BondCalcMode#
- class rateslib.instruments.BondCalcMode(settle_accrual_type, ytm_accrual_type, v1_type, v2_type, v3_type)#
Bases:
objectDefine calculation conventions for
FixedRateBond,IndexFixedRateBondandFloatRateNotetypes.- Parameters:
settle_accrual_type (str,) – The calculation type for accrued interest for physical settlement.
ytm_accrual_type (str) – The calculation method for accrued interest used in the YTM formula. Often the same as above but not always (e.g. Canadian GBs).
v1_type (str) – The calculation function that defines discounting of the first period of the YTM formula.
v2_type (str) – The calculation function that defines discounting of the regular periods of the YTM formula.
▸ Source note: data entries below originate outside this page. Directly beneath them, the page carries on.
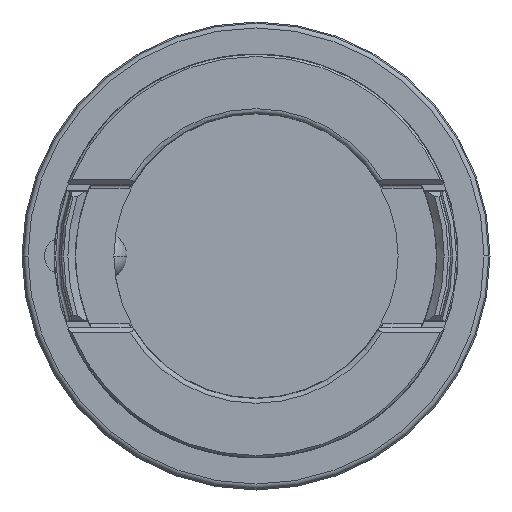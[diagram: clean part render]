
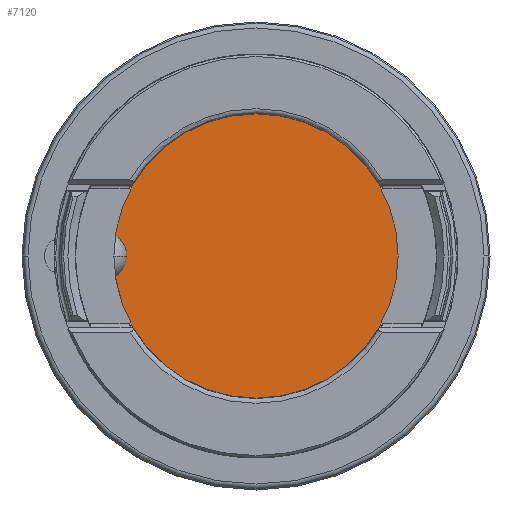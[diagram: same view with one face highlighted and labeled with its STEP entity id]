
A CAD part, front view. The second image highlights one B-rep face of the part: STEP entity #7120.
In plain terms, the highlighted planar face has unit normal (0, -1, 0).
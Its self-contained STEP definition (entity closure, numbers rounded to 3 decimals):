
#2602=CARTESIAN_POINT('',(0.,63.,0.));
#2603=DIRECTION('',(0.,-1.,0.));
#2604=DIRECTION('',(1.,0.,0.));
#2605=AXIS2_PLACEMENT_3D('',#2602,#2603,#2604);
#2607=CARTESIAN_POINT('',(0.,63.,0.));
#2608=DIRECTION('',(0.,-1.,0.));
#2609=DIRECTION('',(-1.,0.,0.));
#2610=AXIS2_PLACEMENT_3D('',#2607,#2608,#2609);
#4233=CARTESIAN_POINT('',(29.916,63.,0.));
#4234=CARTESIAN_POINT('',(-29.916,63.,0.));
#4235=VERTEX_POINT('',#4233);
#4236=VERTEX_POINT('',#4234);
#7110=CARTESIAN_POINT('',(0.,63.,0.));
#7111=DIRECTION('',(0.,1.,0.));
#7112=DIRECTION('',(-1.,0.,0.));
#7113=AXIS2_PLACEMENT_3D('',#7110,#7111,#7112);
#7114=PLANE('',#7113);
#7115=ORIENTED_EDGE('',*,*,#7096,.F.);
#7117=ORIENTED_EDGE('',*,*,#7116,.F.);
#7118=EDGE_LOOP('',(#7115,#7117));
#7119=FACE_OUTER_BOUND('',#7118,.F.);
#7120=ADVANCED_FACE('',(#7119),#7114,.F.);
#2606=CIRCLE('',#2605,29.916);
#2611=CIRCLE('',#2610,29.916);
#7096=EDGE_CURVE('',#4235,#4236,#2606,.T.);
#7116=EDGE_CURVE('',#4236,#4235,#2611,.T.);
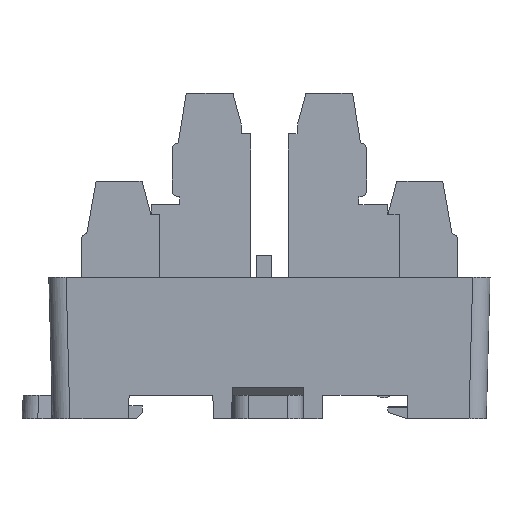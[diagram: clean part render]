
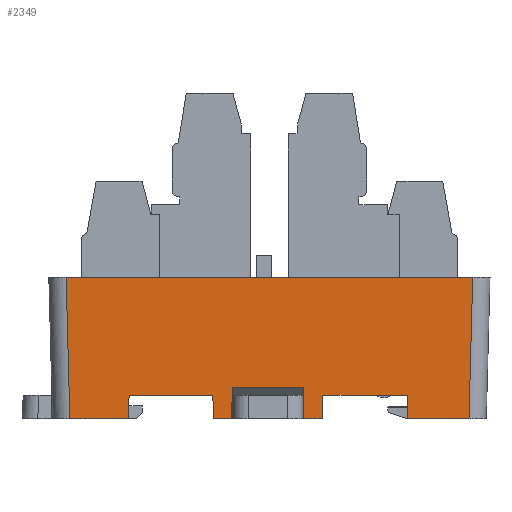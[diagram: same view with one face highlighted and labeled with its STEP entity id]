
A CAD part, left-side view. The second image highlights one B-rep face of the part: STEP entity #2349.
In plain terms, the highlighted planar face has unit normal (-1, 0, -0.026).
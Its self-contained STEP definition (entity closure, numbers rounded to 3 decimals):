
#1452=FACE_OUTER_BOUND('',#4658,.T.);
#2349=ADVANCED_FACE('',(#1452),#3281,.T.);
#3281=PLANE('',#18511);
#4658=EDGE_LOOP('',(#5926,#5927,#5928,#5929,#5930,#5931,#5932,#5933,#5934,
#5935,#5936,#5937,#5938,#5939,#5940,#5941));
#5926=ORIENTED_EDGE('',*,*,#12398,.T.);
#5927=ORIENTED_EDGE('',*,*,#12370,.T.);
#5928=ORIENTED_EDGE('',*,*,#12399,.T.);
#5929=ORIENTED_EDGE('',*,*,#12400,.T.);
#5930=ORIENTED_EDGE('',*,*,#12401,.T.);
#5931=ORIENTED_EDGE('',*,*,#12402,.F.);
#5932=ORIENTED_EDGE('',*,*,#12403,.T.);
#5933=ORIENTED_EDGE('',*,*,#12404,.T.);
#5934=ORIENTED_EDGE('',*,*,#12405,.F.);
#5935=ORIENTED_EDGE('',*,*,#12394,.T.);
#5936=ORIENTED_EDGE('',*,*,#12406,.F.);
#5937=ORIENTED_EDGE('',*,*,#12407,.T.);
#5938=ORIENTED_EDGE('',*,*,#12408,.F.);
#5939=ORIENTED_EDGE('',*,*,#12409,.T.);
#5940=ORIENTED_EDGE('',*,*,#12410,.F.);
#5941=ORIENTED_EDGE('',*,*,#12411,.T.);
#10740=VERTEX_POINT('',#24543);
#10741=VERTEX_POINT('',#24544);
#10764=VERTEX_POINT('',#24592);
#10765=VERTEX_POINT('',#24593);
#10768=VERTEX_POINT('',#24601);
#10769=VERTEX_POINT('',#24603);
#10770=VERTEX_POINT('',#24605);
#10771=VERTEX_POINT('',#24607);
#10772=VERTEX_POINT('',#24609);
#10773=VERTEX_POINT('',#24611);
#10774=VERTEX_POINT('',#24613);
#10775=VERTEX_POINT('',#24616);
#10776=VERTEX_POINT('',#24618);
#10777=VERTEX_POINT('',#24620);
#10778=VERTEX_POINT('',#24622);
#10779=VERTEX_POINT('',#24624);
#12370=EDGE_CURVE('',#10740,#10741,#14769,.T.);
#12394=EDGE_CURVE('',#10764,#10765,#14793,.T.);
#12398=EDGE_CURVE('',#10768,#10740,#14797,.T.);
#12399=EDGE_CURVE('',#10741,#10769,#14798,.T.);
#12400=EDGE_CURVE('',#10769,#10770,#14799,.T.);
#12401=EDGE_CURVE('',#10770,#10771,#14800,.T.);
#12402=EDGE_CURVE('',#10772,#10771,#14801,.T.);
#12403=EDGE_CURVE('',#10772,#10773,#14802,.T.);
#12404=EDGE_CURVE('',#10773,#10774,#14803,.T.);
#12405=EDGE_CURVE('',#10764,#10774,#14804,.T.);
#12406=EDGE_CURVE('',#10775,#10765,#14805,.T.);
#12407=EDGE_CURVE('',#10775,#10776,#14806,.T.);
#12408=EDGE_CURVE('',#10777,#10776,#14807,.T.);
#12409=EDGE_CURVE('',#10777,#10778,#14808,.T.);
#12410=EDGE_CURVE('',#10779,#10778,#14809,.T.);
#12411=EDGE_CURVE('',#10779,#10768,#14810,.T.);
#14769=LINE('',#24542,#16706);
#14793=LINE('',#24591,#16730);
#14797=LINE('',#24600,#16734);
#14798=LINE('',#24602,#16735);
#14799=LINE('',#24604,#16736);
#14800=LINE('',#24606,#16737);
#14801=LINE('',#24608,#16738);
#14802=LINE('',#24610,#16739);
#14803=LINE('',#24612,#16740);
#14804=LINE('',#24614,#16741);
#14805=LINE('',#24615,#16742);
#14806=LINE('',#24617,#16743);
#14807=LINE('',#24619,#16744);
#14808=LINE('',#24621,#16745);
#14809=LINE('',#24623,#16746);
#14810=LINE('',#24625,#16747);
#16706=VECTOR('',#19890,1.);
#16730=VECTOR('',#19916,1.);
#16734=VECTOR('',#19922,1.);
#16735=VECTOR('',#19923,1.);
#16736=VECTOR('',#19924,1.);
#16737=VECTOR('',#19925,1.);
#16738=VECTOR('',#19926,1.);
#16739=VECTOR('',#19927,1.);
#16740=VECTOR('',#19928,1.);
#16741=VECTOR('',#19929,1.);
#16742=VECTOR('',#19930,1.);
#16743=VECTOR('',#19931,1.);
#16744=VECTOR('',#19932,1.);
#16745=VECTOR('',#19933,1.);
#16746=VECTOR('',#19934,1.);
#16747=VECTOR('',#19935,1.);
#18511=AXIS2_PLACEMENT_3D('',#24626,#19936,#19937);
#19890=DIRECTION('',(0.,-1.,0.));
#19916=DIRECTION('',(0.,-1.,0.));
#19922=DIRECTION('',(-0.026,-0.035,0.999));
#19923=DIRECTION('',(0.026,-0.017,-1.));
#19924=DIRECTION('',(0.,-1.,0.));
#19925=DIRECTION('',(-0.026,-0.026,0.999));
#19926=DIRECTION('',(0.,-1.,0.));
#19927=DIRECTION('',(0.026,-0.026,-0.999));
#19928=DIRECTION('',(0.,-1.,0.));
#19929=DIRECTION('',(0.026,0.017,-1.));
#19930=DIRECTION('',(-0.026,0.035,0.999));
#19931=DIRECTION('',(0.,-1.,0.));
#19932=DIRECTION('',(0.026,0.009,-1.));
#19933=DIRECTION('',(0.,-1.,0.));
#19934=DIRECTION('',(-0.026,0.009,1.));
#19935=DIRECTION('',(0.,-1.,0.));
#19936=DIRECTION('',(-1.,0.,-0.026));
#19937=DIRECTION('',(-0.026,0.,1.));
#24542=CARTESIAN_POINT('',(52.943,70.046,-13.25));
#24543=CARTESIAN_POINT('',(52.943,63.046,-13.25));
#24544=CARTESIAN_POINT('',(52.943,52.296,-13.25));
#24591=CARTESIAN_POINT('',(52.943,70.046,-13.25));
#24592=CARTESIAN_POINT('',(52.943,87.696,-13.25));
#24593=CARTESIAN_POINT('',(52.943,77.046,-13.25));
#24600=CARTESIAN_POINT('',(52.556,62.531,1.503));
#24601=CARTESIAN_POINT('',(53.021,63.151,-16.25));
#24602=CARTESIAN_POINT('',(52.542,52.563,2.044));
#24603=CARTESIAN_POINT('',(53.021,52.243,-16.25));
#24604=CARTESIAN_POINT('',(53.021,69.546,-16.25));
#24605=CARTESIAN_POINT('',(53.021,44.466,-16.25));
#24606=CARTESIAN_POINT('',(52.567,44.012,1.09));
#24607=CARTESIAN_POINT('',(52.55,43.995,1.75));
#24608=CARTESIAN_POINT('',(52.55,69.546,1.75));
#24609=CARTESIAN_POINT('',(52.55,95.697,1.75));
#24610=CARTESIAN_POINT('',(52.567,95.679,1.09));
#24611=CARTESIAN_POINT('',(53.021,95.225,-16.25));
#24612=CARTESIAN_POINT('',(53.021,70.046,-16.25));
#24613=CARTESIAN_POINT('',(53.021,87.748,-16.25));
#24614=CARTESIAN_POINT('',(52.974,87.717,-14.454));
#24615=CARTESIAN_POINT('',(52.974,77.004,-14.452));
#24616=CARTESIAN_POINT('',(53.021,76.941,-16.25));
#24617=CARTESIAN_POINT('',(53.021,70.046,-16.25));
#24618=CARTESIAN_POINT('',(53.021,74.622,-16.25));
#24619=CARTESIAN_POINT('',(52.549,74.465,1.79));
#24620=CARTESIAN_POINT('',(52.917,74.587,-12.25));
#24621=CARTESIAN_POINT('',(52.917,69.546,-12.25));
#24622=CARTESIAN_POINT('',(52.917,65.505,-12.25));
#24623=CARTESIAN_POINT('',(52.549,65.627,1.782));
#24624=CARTESIAN_POINT('',(53.021,65.47,-16.25));
#24625=CARTESIAN_POINT('',(53.021,70.046,-16.25));
#24626=CARTESIAN_POINT('',(52.55,69.546,1.747));

v3_type (str) – The calculation function that defines discounting of the last period of the YTM formula.
Notes
Accrual Functions
These functions return the fraction of a bond cashflow that is attributed to the settlement date, in order to determine accrued interest. The available input options are;
“linear_days”: Measures a calendar day, linear proportion between unadjusted start and end coupon dates of the coupon period, and applies that proportion to the cashflow, which is calculated separately using the conventions for the bond. (Typically used by many bonds, e.g. UK and German GBs)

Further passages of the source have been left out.